Single by Childish Gambino

from the album Camp
- Released: November 15, 2011
- Recorded: 2011
- Genre: Hip house
- Length: 4:31
- Label: Glassnote; Universal;
- Songwriters: Donald Glover; Ludwig Göransson;
- Producers: Childish Gambino; Göransson;

Childish Gambino singles chronology
| "Bonfire" (2011) | "Heartbeat" (2011) | "Fire Fly" (2012) |

Music video
- "Heartbeat" on YouTube

= Heartbeat (Childish Gambino song) =

2011 single by Childish Gambino

"Heartbeat" is a song by American rapper Childish Gambino. It was released on November 15, 2011, by Glassnote Records as the second single from his debut studio album, Camp (2011). The song was written and produced by Gambino himself along with Ludwig Göransson.

==Background==
Composer Ludwig Göransson worked on both the album Camp and the single. Göransson worked on the television show Community, in which Gambino stars as the main character, Troy Barnes. Gambino said in an interview with Hard Knock TV that part of the last verse on "Heartbeat" was his favorite yet.

==Composition==
The song uses an electro beat "equipped with pulsating drums and buzzing synth chords". The lyrics deal with themes of breakup, love and sex.

==Critical reception==
Katie Antonsson published an article called "Best of the B Sides: "Heartbeat", on a website called RockOnPhilly. She added her own perspective to Childish Gambino's hit single:So, to "Heartbeat." It's the second single of the album (I know! I'm sorry! I just have to talk about this song!) and it's the most intoxicating song Glover's come out with. From the echoey beginning and the solemn piano refrain in the beginning to the stunning drop about 45 seconds in, "Heartbeat" is immediately something unexplored. It has a lot of the feeling and tone of Kanye's "Heartless" from 808s & Heartbreak but we get the rap element that Kanye stayed away from on 808s (808s was an entirely autotuned, melodic album from Kanye. There wasn't an inch of rap on it). Plus the drop in the beginning is mesmerizing. It's not just that the bass is dropped, it's how the bass is dropped. It's elongated, whining bass notes that just drape themselves throughout the song. In fact, everything about the song is really smooth except for Glover's razor-sharp rapping, making that factor all the more delightful.Glover's got good speed on "Heartbeat" that he doesn't demonstrate as much through the rest of the album. But these rhymes are lightning fast, and what's so thrilling about them is how smart, witty, and ironic they are. This song takes several listens to fully grasp the nuances in the lyrics. They're emotionally charged and delivered with enough force that even if half of the lines stand out to a first-time listener, the feeling Glover's trying to capture is so clear.Camp is an amazing album, truth be told. It's alarming, unexpected, and sort of uncomfortable to listen to. Glover really speaks his truth on Camp, whether it's the literal truth in his words or a more figurative truth through the way he says them. "Heartbeat" is the highlight of the album, by far, but even in the opening song "Outside," it's easy to get a feeling for Glover's angst and anxiety. It's artfully done. On November 8, 2013, "Heartbeat" was rated as the third best from Childish Gambino on the Sunset in the Rearview site.

==Music video==
On February 10, 2012, the music video for "Heartbeat" was added on Childish Gambino's VEVO account on YouTube. It was directed by Kyle Newacheck, who Gambino had also collaborated with on the TV show Community.

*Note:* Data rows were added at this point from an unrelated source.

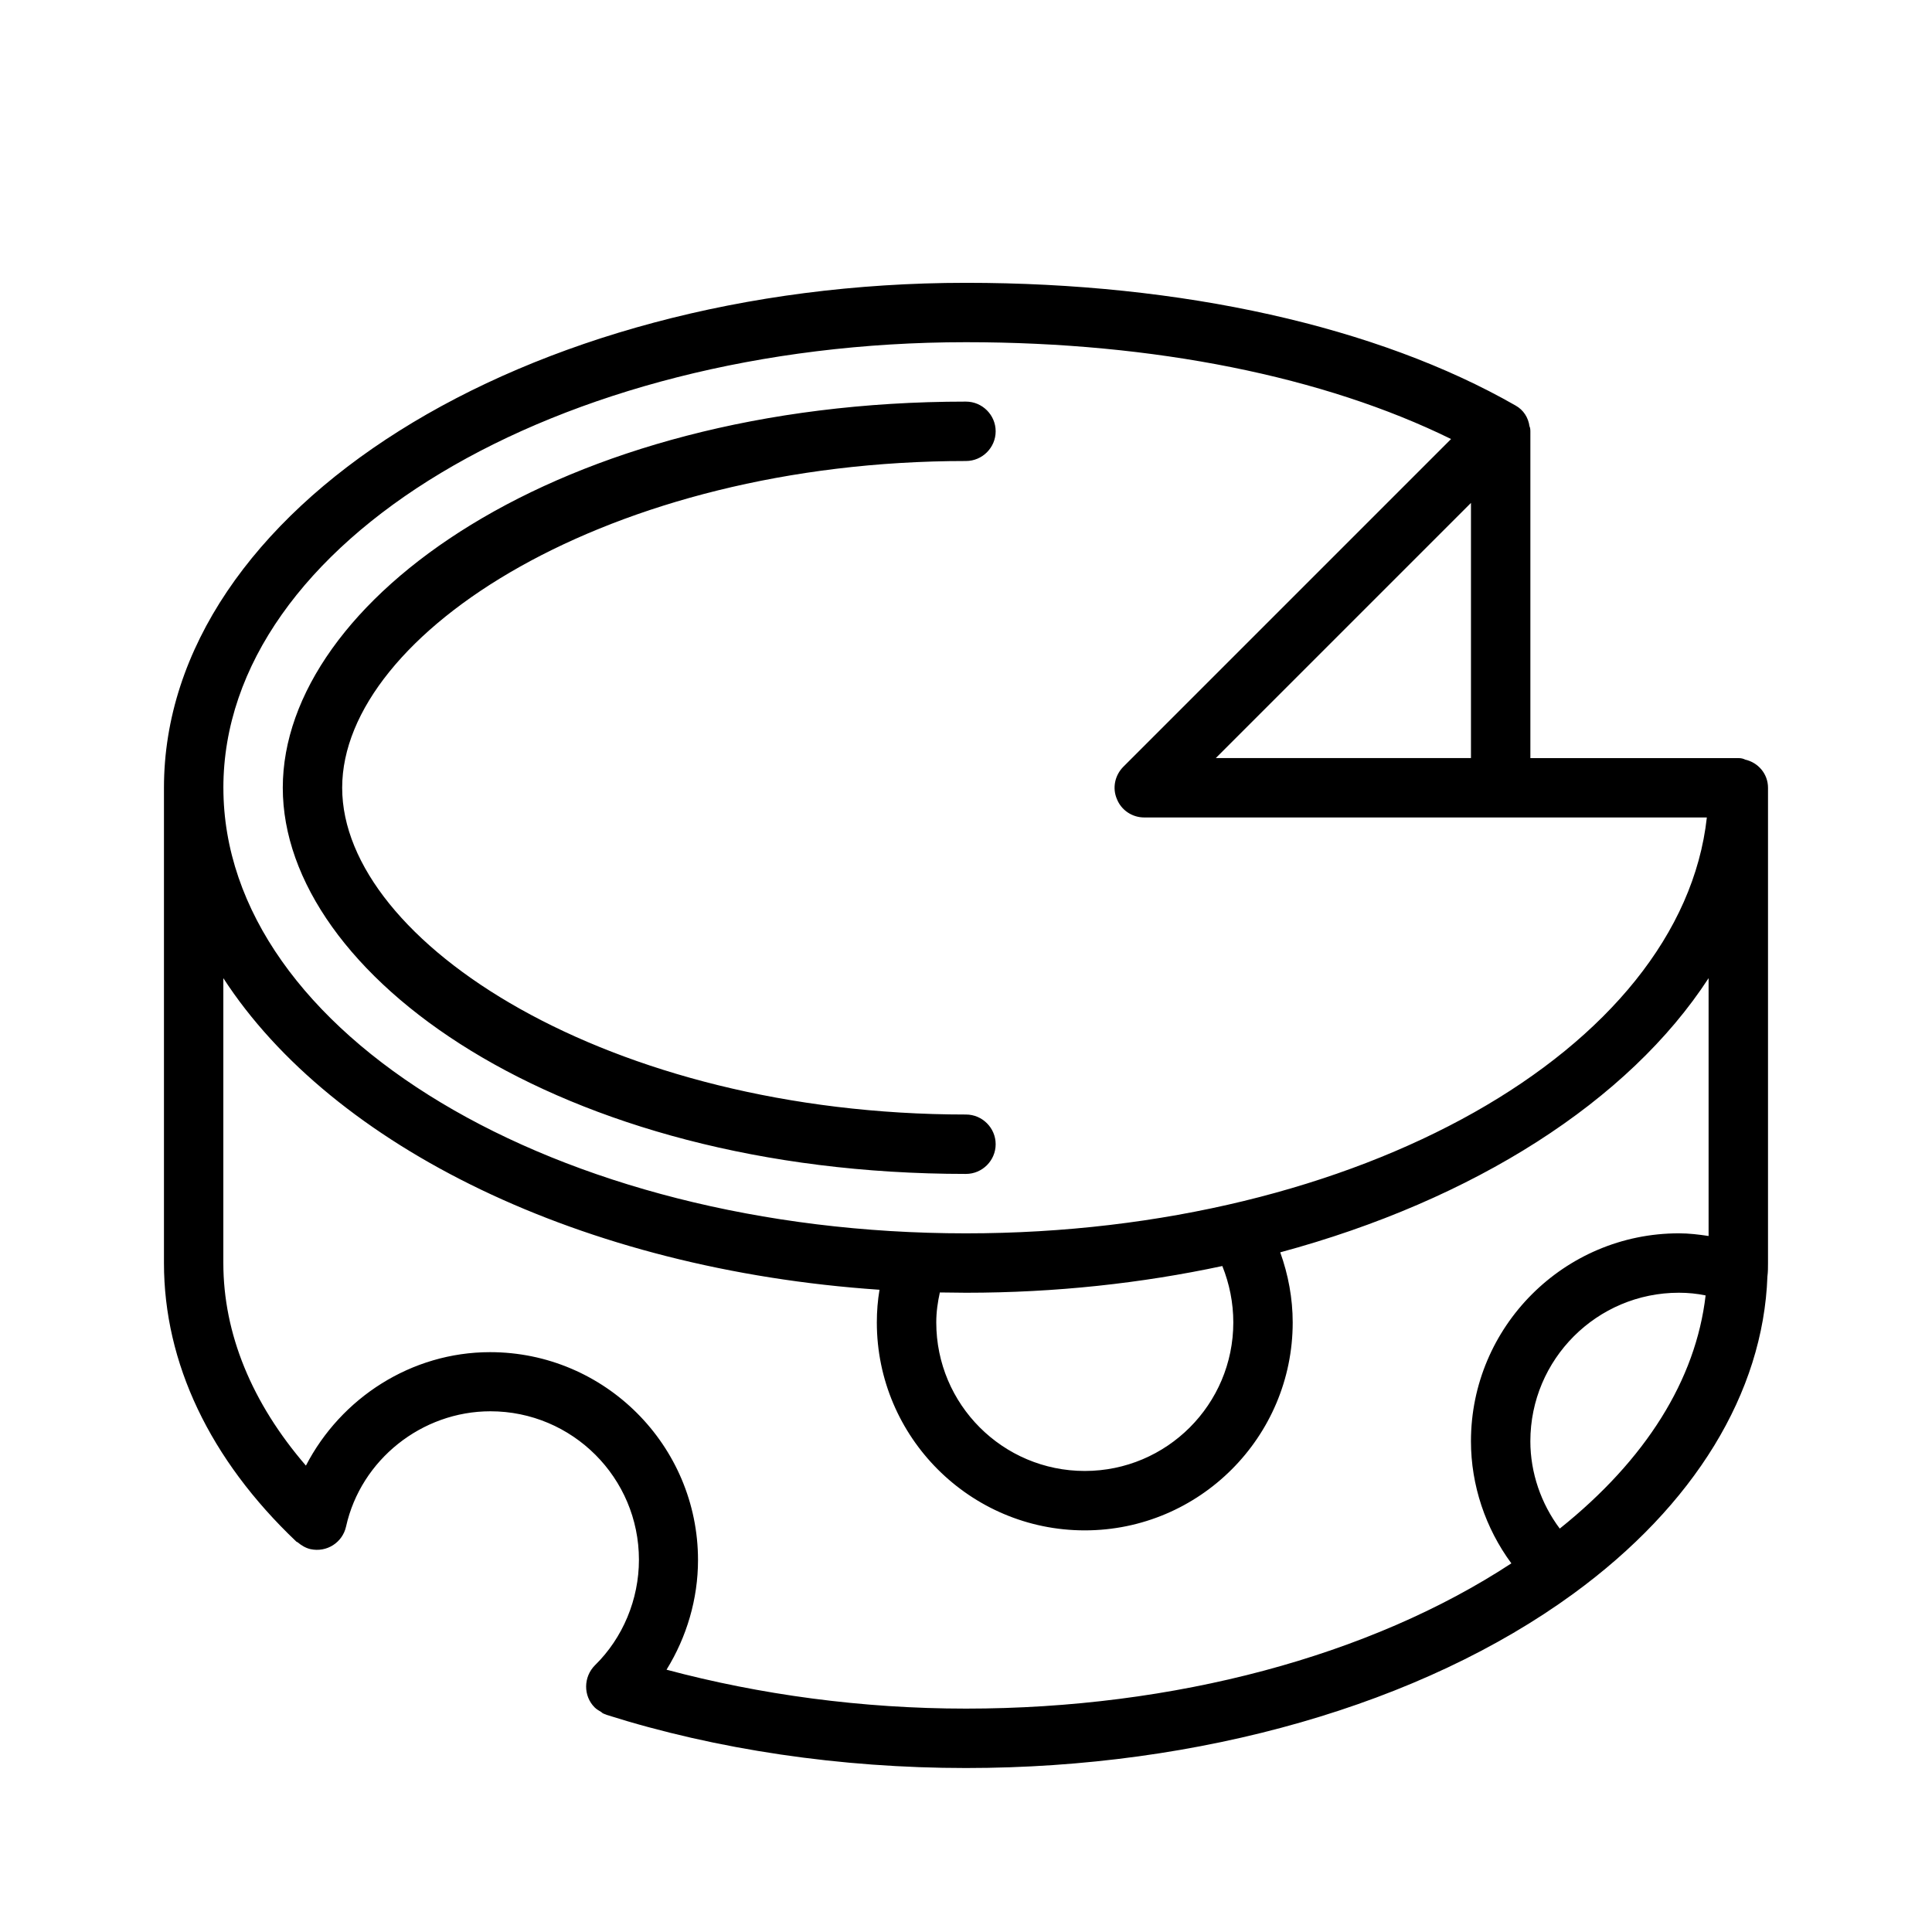 <?xml version="1.0" encoding="UTF-8"?>
<!-- Uploaded to: ICON Repo, www.svgrepo.com, Generator: ICON Repo Mixer Tools -->
<svg fill="#000000" width="800px" height="800px" version="1.1" viewBox="144 144 512 512" xmlns="http://www.w3.org/2000/svg">
 <path d="m218.94 352.77c0-49.438 72.738-102.34 181.05-102.34 4.328 0 7.871 3.543 7.871 7.871s-3.543 7.871-7.871 7.871c-94.621 0-165.31 45.738-165.31 86.594s70.691 86.594 165.31 86.594c4.328 0 7.871 3.543 7.871 7.871s-3.543 7.871-7.871 7.871c-108.32 0-181.05-52.898-181.05-102.34zm393.6 0v125.95c0 1.18 0 2.363-0.156 3.543-1.102 30.859-19.363 60.691-51.406 84.074-40.227 29.359-98.871 46.207-160.98 46.207-33.219 0-66.203-4.879-95.25-14.09-0.156-0.078-0.234-0.156-0.395-0.156-0.156-0.078-0.316-0.156-0.395-0.156-0.234-0.156-0.473-0.234-0.551-0.395-0.629-0.395-1.258-0.707-1.812-1.258-3.07-3.07-2.992-8.109 0.078-11.18 7.398-7.242 11.652-17.477 11.652-27.945 0-21.727-17.633-39.359-39.359-39.359-18.184 0-34.32 12.832-38.258 30.543-0.945 4.25-5.117 6.926-9.445 5.984-1.34-0.316-2.441-1.023-3.387-1.812-0.078-0.078-0.234-0.078-0.316-0.156-22.984-21.809-35.109-47.395-35.109-73.844v-125.95c0-73.762 95.332-133.82 212.55-133.82 57.309 0 109.03 11.57 145.63 32.512 2.125 1.18 3.387 3.227 3.699 5.512 0.156 0.312 0.234 0.707 0.234 1.336v86.594h55.105c0.789 0 1.34 0.156 1.812 0.395 3.461 0.785 6.059 3.777 6.059 7.477zm-78.719-7.871v-67.621l-67.621 67.621zm-330.62 7.871c0 65.102 88.246 118.08 196.8 118.08 104.07 0 189.56-48.727 196.33-110.21l-149.1-0.004c-3.148 0-6.062-1.891-7.242-4.879-1.258-2.914-0.551-6.297 1.73-8.582l86.828-86.828c-33.613-16.531-78.641-25.66-128.55-25.66-108.56 0-196.8 52.977-196.8 118.08zm264.73 126.74c-21.332 4.562-44.16 7.082-67.934 7.082-2.363 0-4.644-0.078-6.926-0.078-0.555 2.519-0.949 5.117-0.949 7.949 0 21.727 17.633 39.359 39.359 39.359s39.359-17.633 39.359-39.359c0.004-5.195-1.02-10.23-2.91-14.953zm-67.934 117.29c55.262 0 107.22-14.012 144.53-38.496-6.852-9.289-10.707-20.703-10.707-32.355 0-30.387 24.719-55.105 55.105-55.105 2.676 0 5.273 0.316 7.871 0.707v-68.328c-21.176 32.59-62.188 58.805-113.52 72.66 2.125 5.906 3.305 12.203 3.305 18.578 0 30.387-24.719 55.105-55.105 55.105s-55.105-24.719-55.105-55.105c0-2.992 0.234-5.824 0.707-8.66-78.871-5.352-144.92-37.941-173.89-82.574v75.492c0 18.734 7.559 37.078 21.883 53.688 9.289-17.949 27.945-30.07 48.805-30.07 30.387 0 55.105 24.719 55.105 55.105 0 10.312-2.992 20.387-8.344 29.047 24.719 6.609 51.797 10.312 79.352 10.312zm196.01-109.5c-2.281-0.473-4.644-0.711-7.086-0.711-21.727 0-39.359 17.633-39.359 39.359 0 8.344 2.832 16.531 7.793 23.145 22.828-18.262 36.055-39.438 38.652-61.793z"/>
</svg>
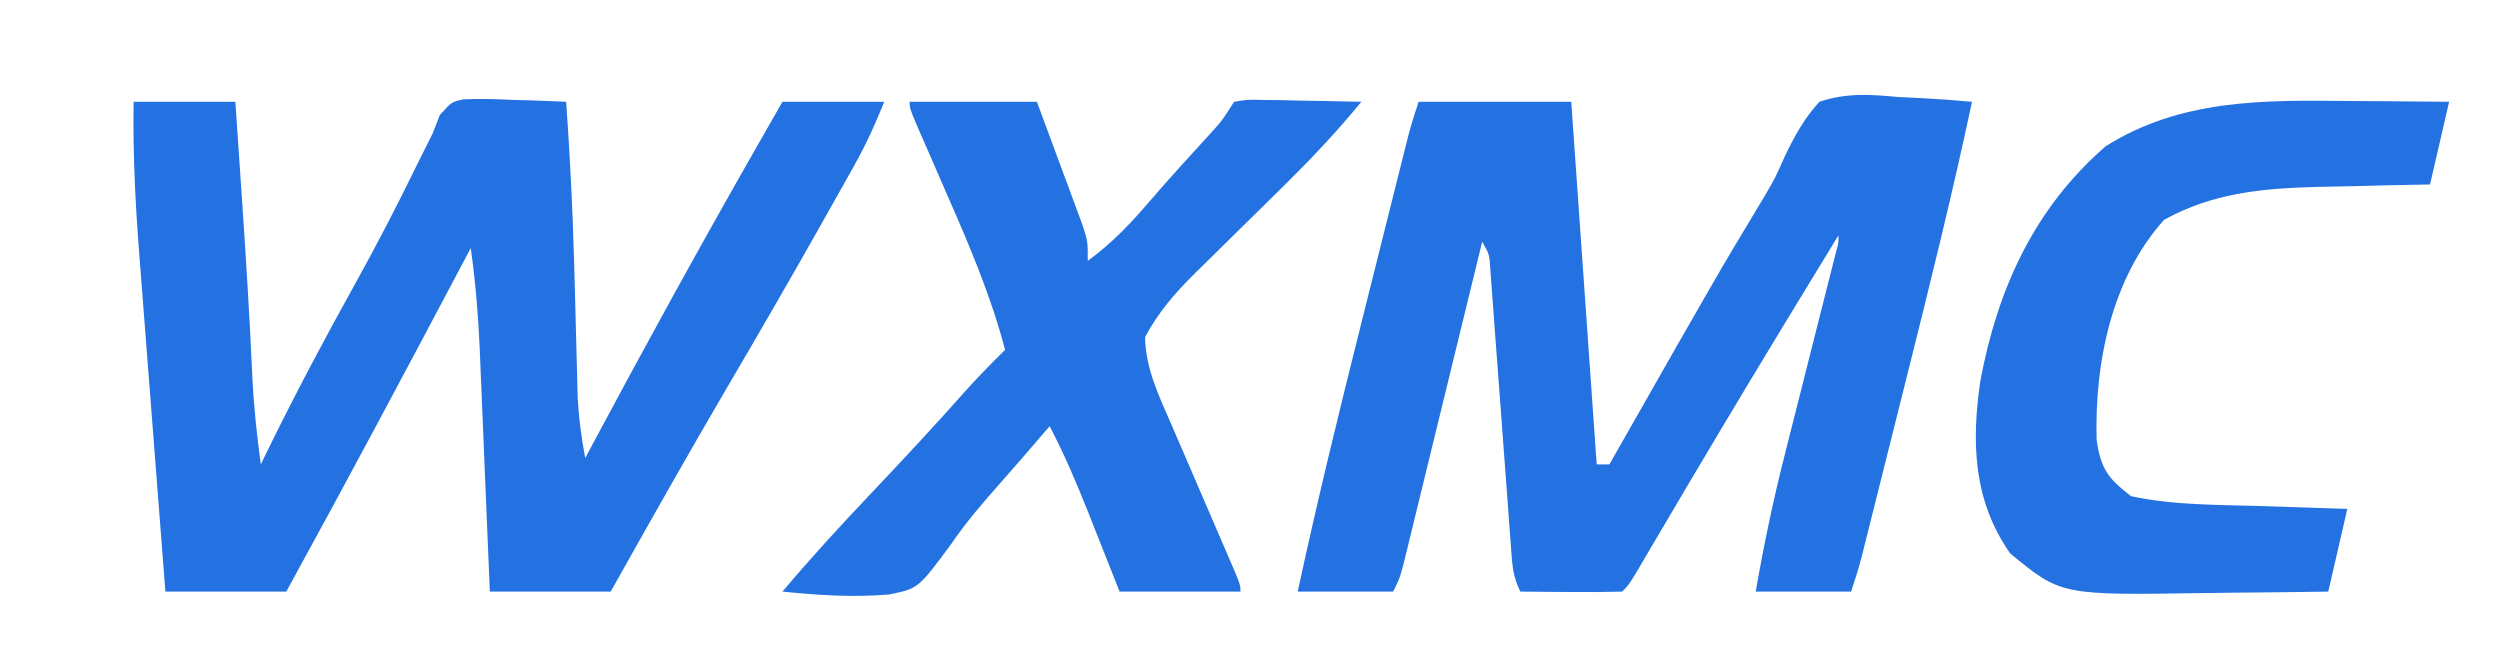 <?xml version="1.0" encoding="UTF-8"?>
<svg version="1.1" xmlns="http://www.w3.org/2000/svg" width="393" height="102">

<path d="M0 0 C5.28 0 10.56 0 16 0 C16.314 4.604 16.627 9.208 16.938 13.812 C16.984 14.495 17.03 15.177 17.077 15.88 C17.687 24.937 18.262 33.993 18.658 43.062 C18.877 47.756 19.37 52.347 20 57 C20.45 56.077 20.9 55.154 21.363 54.203 C25.649 45.486 30.191 36.948 34.913 28.46 C38.258 22.421 41.426 16.316 44.451 10.111 C45.287 8.401 46.143 6.7 47 5 C47.378 4.036 47.755 3.072 48.145 2.078 C50 0 50 0 51.921 -0.385 C54.364 -0.494 56.746 -0.435 59.188 -0.312 C60.032 -0.29 60.877 -0.267 61.748 -0.244 C63.833 -0.185 65.917 -0.096 68 0 C68.604 8.418 69.015 16.83 69.254 25.266 C69.275 25.995 69.295 26.724 69.317 27.475 C69.42 31.182 69.517 34.89 69.607 38.597 C69.644 39.996 69.681 41.394 69.719 42.793 C69.749 44.036 69.779 45.279 69.811 46.559 C69.988 49.779 70.401 52.835 71 56 C71.356 55.333 71.712 54.666 72.079 53.978 C80.511 38.197 89.12 22.535 98 7 C98.413 6.276 98.827 5.552 99.253 4.806 C100.168 3.204 101.084 1.602 102 0 C107.28 0 112.56 0 118 0 C116.549 3.628 115.125 6.742 113.234 10.113 C112.405 11.596 112.405 11.596 111.558 13.108 C110.962 14.165 110.365 15.223 109.75 16.312 C109.128 17.419 108.506 18.525 107.865 19.666 C103.064 28.18 98.16 36.633 93.213 45.064 C87.017 55.639 81.001 66.314 75 77 C68.73 77 62.46 77 56 77 C55.945 75.648 55.889 74.297 55.832 72.904 C55.625 67.865 55.413 62.825 55.2 57.786 C55.109 55.61 55.019 53.433 54.93 51.257 C54.801 48.119 54.669 44.981 54.535 41.844 C54.497 40.879 54.458 39.914 54.418 38.92 C54.186 33.561 53.746 28.312 53 23 C52.548 23.854 52.096 24.708 51.63 25.588 C42.525 42.784 33.374 59.949 24 77 C17.73 77 11.46 77 5 77 C4.344 68.585 3.691 60.17 3.044 51.754 C2.744 47.845 2.442 43.936 2.136 40.028 C1.841 36.248 1.549 32.468 1.261 28.688 C1.151 27.254 1.039 25.82 0.926 24.386 C0.284 16.241 -0.123 8.175 0 0 Z " fill="#2472E1" transform="translate(21,16)"/>
<path d="M0 0 C7.92 0 15.84 0 24 0 C25.32 18.81 26.64 37.62 28 57 C28.66 57 29.32 57 30 57 C30.29 56.49 30.58 55.979 30.879 55.453 C47.045 27.04 47.045 27.04 54.352 14.899 C56.073 11.971 56.073 11.971 57.537 8.644 C59.125 5.364 60.551 2.703 63 0 C67.239 -1.431 71.026 -1.158 75.438 -0.75 C76.551 -0.696 77.664 -0.642 78.811 -0.586 C81.548 -0.445 84.27 -0.248 87 0 C83.919 14.455 80.373 28.786 76.772 43.119 C75.801 46.982 74.835 50.845 73.869 54.709 C73.253 57.169 72.636 59.63 72.02 62.09 C71.731 63.243 71.442 64.396 71.145 65.584 C70.878 66.647 70.611 67.709 70.335 68.804 C70.101 69.738 69.866 70.672 69.625 71.634 C69.148 73.441 68.591 75.227 68 77 C63.05 77 58.1 77 53 77 C54.266 69.69 55.768 62.522 57.602 55.336 C57.964 53.898 57.964 53.898 58.333 52.431 C59.094 49.411 59.859 46.393 60.625 43.375 C61.397 40.321 62.169 37.267 62.939 34.212 C63.416 32.321 63.894 30.43 64.374 28.54 C64.588 27.694 64.802 26.849 65.022 25.978 C65.306 24.859 65.306 24.859 65.596 23.717 C66.038 22.132 66.038 22.132 66 21 C63.497 25.102 60.998 29.207 58.5 33.312 C58.123 33.932 57.746 34.552 57.357 35.191 C50.793 45.988 44.323 56.838 37.916 67.73 C37.284 68.802 36.651 69.875 36 70.98 C35.443 71.928 34.886 72.876 34.312 73.852 C33 76 33 76 32 77 C29.303 77.073 26.633 77.092 23.938 77.062 C23.179 77.058 22.42 77.053 21.639 77.049 C19.759 77.037 17.88 77.019 16 77 C14.799 74.597 14.732 72.805 14.535 70.123 C14.458 69.109 14.382 68.094 14.302 67.049 C14.223 65.95 14.144 64.851 14.062 63.719 C13.935 62.032 13.935 62.032 13.805 60.311 C13.44 55.485 13.085 50.658 12.729 45.831 C12.469 42.314 12.203 38.798 11.938 35.281 C11.858 34.182 11.779 33.083 11.698 31.951 C11.621 30.937 11.544 29.922 11.465 28.877 C11.399 27.981 11.333 27.086 11.265 26.163 C11.117 23.955 11.117 23.955 10 22 C9.839 22.66 9.679 23.319 9.513 23.999 C7.845 30.845 6.174 37.69 4.501 44.534 C3.876 47.091 3.252 49.648 2.63 52.205 C1.736 55.874 0.839 59.543 -0.059 63.211 C-0.338 64.36 -0.617 65.509 -0.905 66.693 C-1.165 67.754 -1.425 68.815 -1.693 69.908 C-1.922 70.845 -2.151 71.782 -2.386 72.747 C-3 75 -3 75 -4 77 C-8.95 77 -13.9 77 -19 77 C-15.884 62.55 -12.373 48.217 -8.772 33.881 C-7.801 30.018 -6.835 26.155 -5.869 22.291 C-5.253 19.831 -4.636 17.37 -4.02 14.91 C-3.731 13.757 -3.442 12.604 -3.145 11.416 C-2.744 9.822 -2.744 9.822 -2.335 8.196 C-2.101 7.262 -1.866 6.328 -1.625 5.366 C-1.148 3.559 -0.591 1.773 0 0 Z " fill="#2472E1" transform="translate(223,16)"/>
<path d="M0 0 C6.6 0 13.2 0 20 0 C21.339 3.602 22.672 7.206 24 10.812 C24.382 11.837 24.763 12.861 25.156 13.916 C25.698 15.39 25.698 15.39 26.25 16.895 C26.585 17.801 26.92 18.706 27.266 19.64 C28 22 28 22 28 25 C31.906 22.159 34.914 18.94 38.027 15.293 C40.976 11.865 44.035 8.54 47.082 5.199 C49.125 2.952 49.125 2.952 51 0 C53.063 -0.341 53.063 -0.341 55.57 -0.293 C56.466 -0.283 57.362 -0.274 58.285 -0.264 C59.691 -0.226 59.691 -0.226 61.125 -0.188 C62.07 -0.174 63.015 -0.16 63.988 -0.146 C66.326 -0.111 68.663 -0.062 71 0 C67.334 4.49 63.425 8.648 59.305 12.723 C58.787 13.235 58.269 13.747 57.736 14.275 C55.57 16.413 53.4 18.548 51.226 20.678 C49.623 22.251 48.026 23.83 46.43 25.41 C45.944 25.882 45.459 26.354 44.958 26.841 C41.797 29.979 39.086 33.051 37 37 C37.09 41.952 39.198 46.287 41.16 50.77 C41.624 51.852 41.624 51.852 42.098 52.956 C43.08 55.244 44.071 57.529 45.062 59.812 C46.056 62.115 47.048 64.418 48.038 66.722 C48.653 68.152 49.271 69.581 49.891 71.009 C52 75.89 52 75.89 52 77 C45.73 77 39.46 77 33 77 C32.457 75.626 31.915 74.252 31.355 72.836 C30.633 71.016 29.91 69.195 29.188 67.375 C28.831 66.471 28.475 65.568 28.107 64.637 C26.254 59.977 24.337 55.438 22 51 C20.629 52.592 19.258 54.184 17.888 55.777 C16.703 57.145 15.511 58.506 14.311 59.862 C11.57 62.965 8.916 66.024 6.578 69.445 C1.363 76.529 1.363 76.529 -3.281 77.455 C-8.9 77.93 -14.401 77.569 -20 77 C-15.558 71.729 -10.935 66.683 -6.188 61.688 C-0.979 56.184 4.181 50.655 9.203 44.98 C11.073 42.919 13.017 40.952 15 39 C12.764 30.462 9.351 22.496 5.812 14.438 C4.975 12.518 4.139 10.599 3.305 8.678 C2.558 6.959 1.806 5.242 1.054 3.525 C0 1 0 1 0 0 Z " fill="#2472E1" transform="translate(143,16)"/>
<path d="M0 0 C1.544 0.01 3.089 0.019 4.633 0.027 C8.38 0.049 12.128 0.084 15.875 0.125 C14.885 4.415 13.895 8.705 12.875 13.125 C10.898 13.162 8.92 13.2 6.883 13.238 C4.933 13.287 2.984 13.336 1.034 13.387 C-0.956 13.436 -2.947 13.471 -4.938 13.506 C-13.551 13.745 -21.309 14.45 -28.938 18.688 C-37.197 27.89 -39.867 41.214 -39.535 53.258 C-38.887 57.791 -37.765 59.337 -34.125 62.125 C-27.276 63.599 -20.165 63.464 -13.188 63.688 C-11.931 63.731 -10.675 63.774 -9.381 63.818 C-6.296 63.924 -3.21 64.025 -0.125 64.125 C-1.61 70.56 -1.61 70.56 -3.125 77.125 C-7.926 77.2 -12.727 77.254 -17.529 77.29 C-19.159 77.305 -20.788 77.325 -22.417 77.351 C-45.133 77.707 -45.133 77.707 -53.125 71.125 C-58.917 62.851 -59.232 53.772 -57.825 44.051 C-55.123 29.598 -49.394 16.914 -38.125 7.125 C-26.372 -0.286 -13.411 -0.153 0 0 Z " fill="#2472E1" transform="translate(369.125,15.875)"/>
</svg>

Gambino described the video as a "reflection" of how he was feeling when he wrote the song, saying, "This is kinda like the mood of the song. I wouldn't say it's so much a video as much as it is just a mood." His brother Stephen appears at the beginning of the music video.

==Charts==

2012 chart performance for "Heartbeat"
| Chart (2012) | Peak position |
|---|---|
| Lithuania (AGATA) | 92 |
| UK Singles (The Official Charts Company) | 104 |
| UK Hip Hop/R&B (OCC) | 29 |
| US Bubbling Under Hot 100 (Billboard) | 18 |
| US Hot R&B/Hip-Hop Songs (Billboard) | 54 |

2023 chart performance for "Heartbeat"
| Chart (2023) | Peak position |
|---|---|
| UK Singles (OCC) | 97 |

==Certifications==

| Region | Certification | Certified units/sales |
| Australia (ARIA) | Platinum | 70,000^{‡} |
| Canada (Music Canada) | Gold | 40,000^{*} |
| Denmark (IFPI Danmark) | Gold | 45,000^{‡} |
| New Zealand (RMNZ) | 2× Platinum | 60,000^{‡} |
| United Kingdom (BPI) | Platinum | 600,000^{‡} |
| United States (RIAA) | Platinum | 1,000,000^{‡} |
^{*} Sales figures based on certification alone. ^{‡} Sales+streaming figures based on certification alone.